:: Data supplied

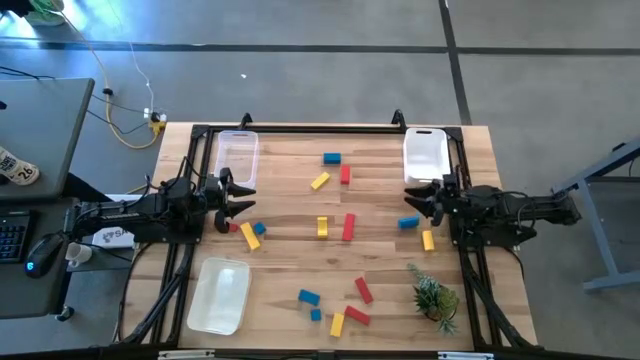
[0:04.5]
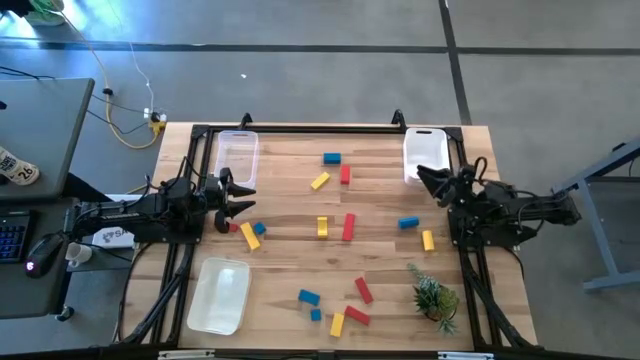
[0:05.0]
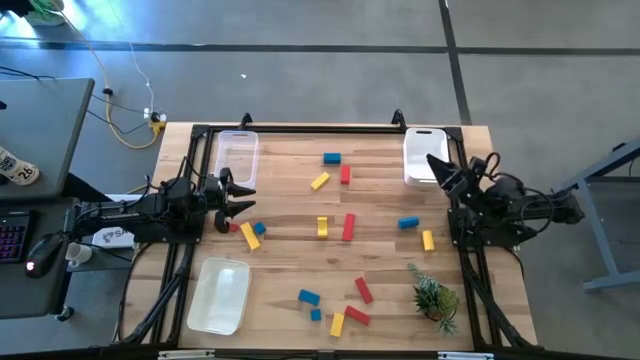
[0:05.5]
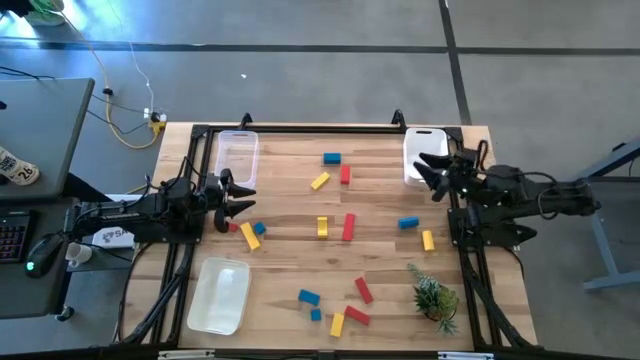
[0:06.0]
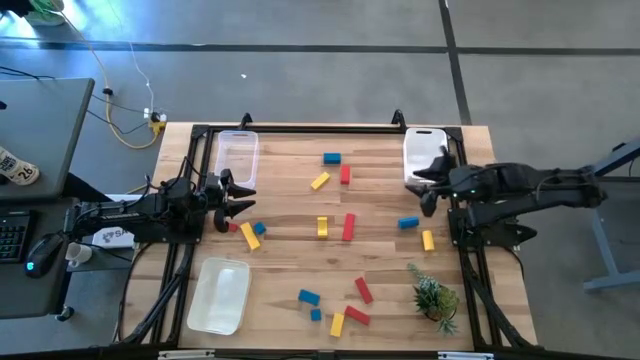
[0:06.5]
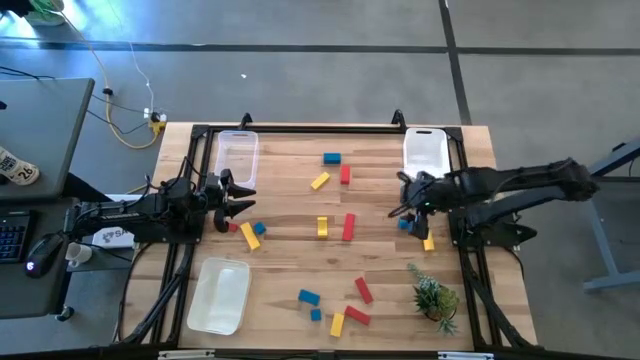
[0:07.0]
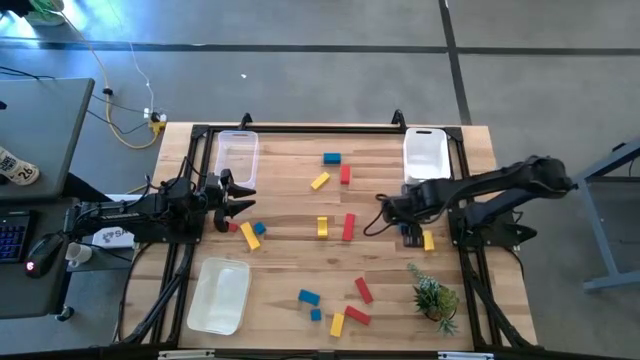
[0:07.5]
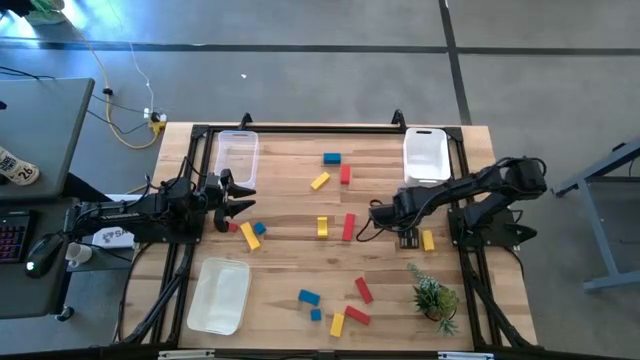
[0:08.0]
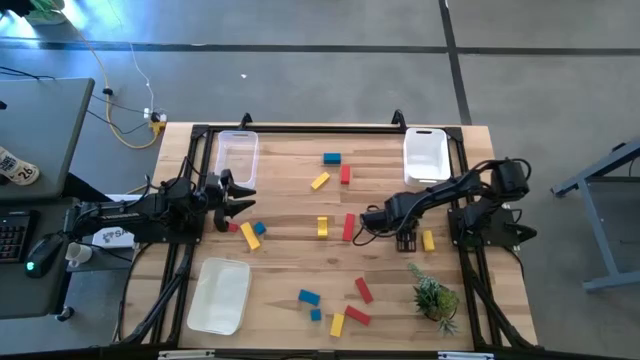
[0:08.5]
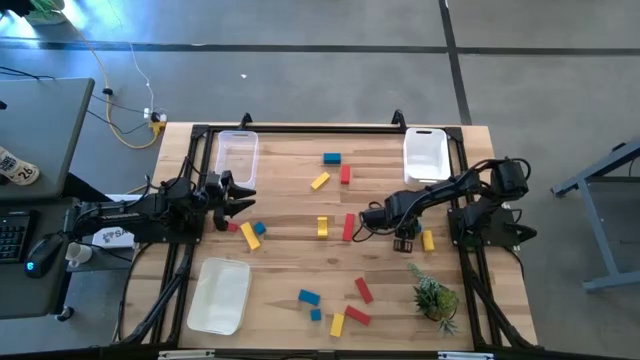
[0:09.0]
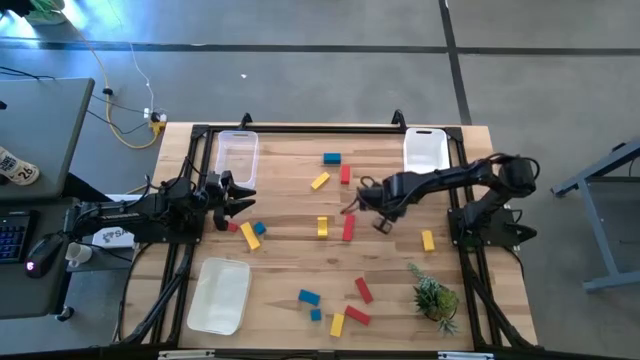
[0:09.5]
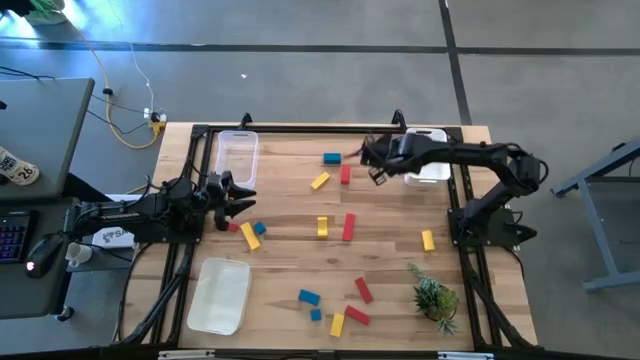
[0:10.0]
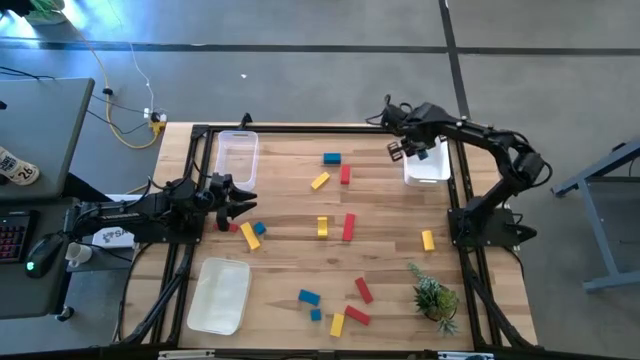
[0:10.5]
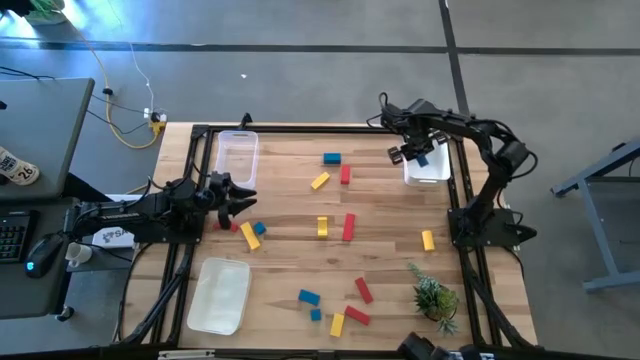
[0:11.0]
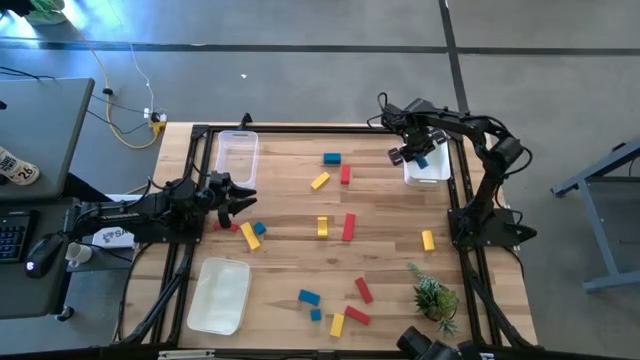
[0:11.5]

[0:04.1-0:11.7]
Task: Sort & place blocks by color
Put the blue block into the top white bin

::::

» **About this task**:
Each record above should be repeated exactly, please, without pictures.

» **Response to the exercise**:
[0:04.5]
[0:05.0]
[0:05.5]
[0:06.0]
[0:06.5]
[0:07.0]
[0:07.5]
[0:08.0]
[0:08.5]
[0:09.0]
[0:09.5]
[0:10.0]
[0:10.5]
[0:11.0]
[0:11.5]

[0:04.1-0:11.7]
Task: Sort & place blocks by color
Put the blue block into the top white bin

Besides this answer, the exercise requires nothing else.